AI and people: strong together or dangerously different?

Transparenz: Redaktionell erstellt und geprüft.
Veröffentlicht am

Researchers at Bielefeld University publish a study on generalization in AI and humanity in Nature Machine Intelligence.

Forschende der Uni Bielefeld veröffentlichen in Nature Machine Intelligence eine Studie zur Generalisierung in KI und Menschlichkeit.
Researchers at Bielefeld University publish a study on generalization in AI and humanity in Nature Machine Intelligence.

AI and people: strong together or dangerously different?

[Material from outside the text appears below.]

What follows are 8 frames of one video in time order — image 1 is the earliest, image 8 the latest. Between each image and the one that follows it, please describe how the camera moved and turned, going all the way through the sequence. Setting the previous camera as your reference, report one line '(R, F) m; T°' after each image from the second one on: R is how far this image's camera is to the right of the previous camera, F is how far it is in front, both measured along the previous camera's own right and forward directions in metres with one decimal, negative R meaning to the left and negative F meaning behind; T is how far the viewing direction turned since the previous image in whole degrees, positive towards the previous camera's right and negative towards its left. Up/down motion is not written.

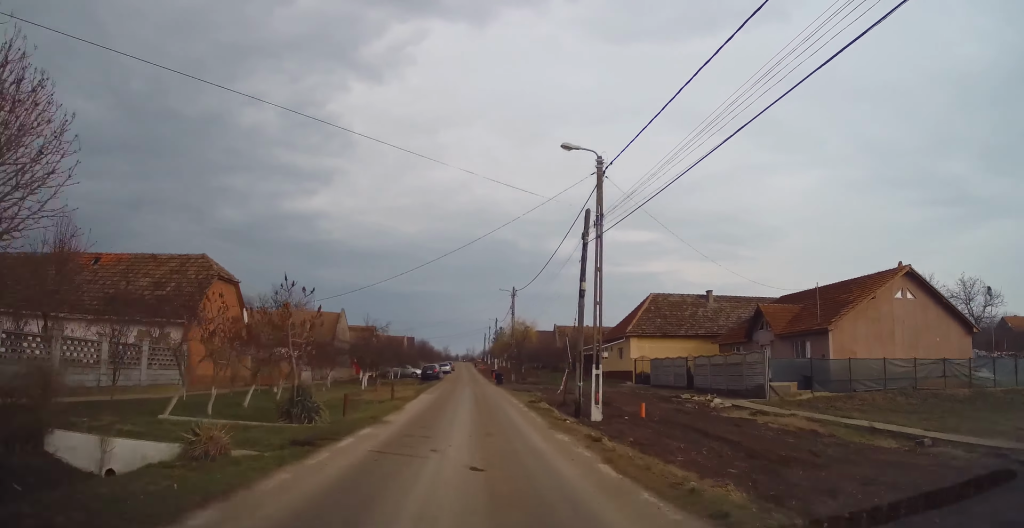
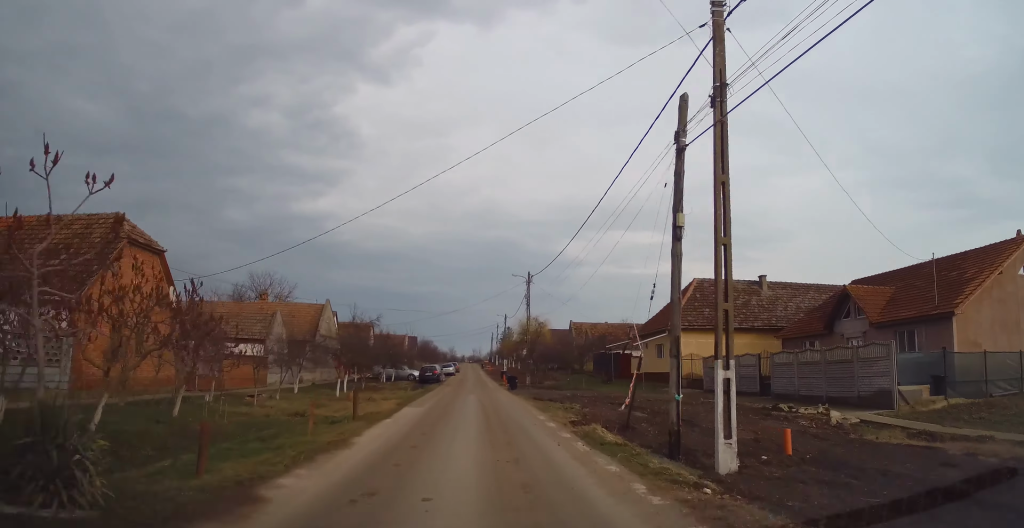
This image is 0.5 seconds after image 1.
(-0.4, +9.3) m; -1°
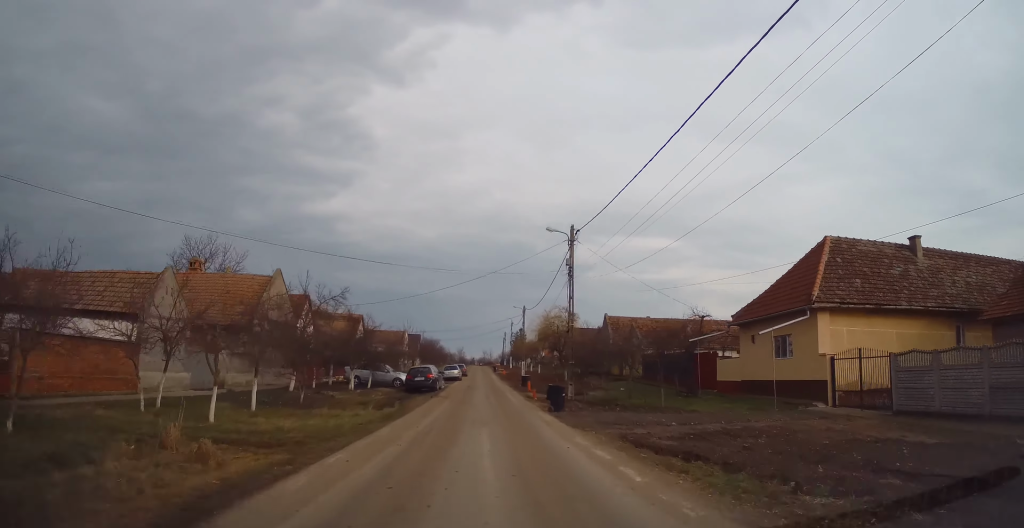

Researchers from cognitive science and artificial intelligence (AI) are the focus of a current study that provides relevant insights into how people adapt to new situations. These insights are crucial because machines often have difficulty reacting to unknown situations. The results were published in the renowned journal Nature Machine Intelligence publishes and presents the interdisciplinary collaboration of over 20 experts, including Dr. Barbara Hammer and Dr. Benjamin Paaßen from the Bielefeld University.

Dr. Barbara Hammer emphasizes that it is essential to understand how AI systems deal with the unknown. This is particularly relevant for applications in areas such as medicine, transportation and decision-making. The study shows that machines generalize intrinsically differently than humans, which is of great importance for human-AI collaboration. The term “generalization” plays a central role here, as it describes the ability to draw conclusions about unknown situations from known information.

Cognitive Science: An Interdisciplinary Field

Cognitive science is an interdisciplinary science that deals with information processing in perception, thinking and decision-making processes. She studies cognition not only in humans, but also in animals and machines. Important disciplines that contribute to cognitive science include psychology, neuroscience, computer science, linguistics, philosophy, anthropology and sociology. The development of this field is often associated with the so-called “cognitive turn,” which took place between the 1940s and 1970s and is considered a reaction to behaviorism.

This study develops a common generalization map that works along three dimensions—understanding, achievement, and evaluation. Benjamin Paaßen explains that the meaning of generalization is fundamentally different for humans and AI. The research aims to design AI systems so that they can better understand and support human values ​​and decision-making logic.

Sustainability and social responsibility

The project, which is being carried out as part of the joint project SAIL - Sustainable Life-Cycle of Intelligent Socio-Technical Systems, aims to make artificial intelligence sustainable, transparent and human-oriented. It is funded by the Ministry of Culture and Science of North Rhine-Westphalia. This interdisciplinary collaboration between cognitive scientists and AI researchers is crucial to aligning technological progress with societal values.

For the development of these technical systems, it is equally important to address the challenges of misinformation in digital environments. The fight against misleading information, particularly in the context of health information, is another significant issue that brings together experts from different disciplines. Raising awareness of this issue is crucial to increasing public trust in AI applications.

The original publication entitled “Aligning Generalization Between Humans and Machines” was published on September 15, 2025 Nature Machine Intelligence published. This study is not only another chapter in cognitive research, but also sheds light on the urgently needed interaction between humans and machines in an increasingly technological world.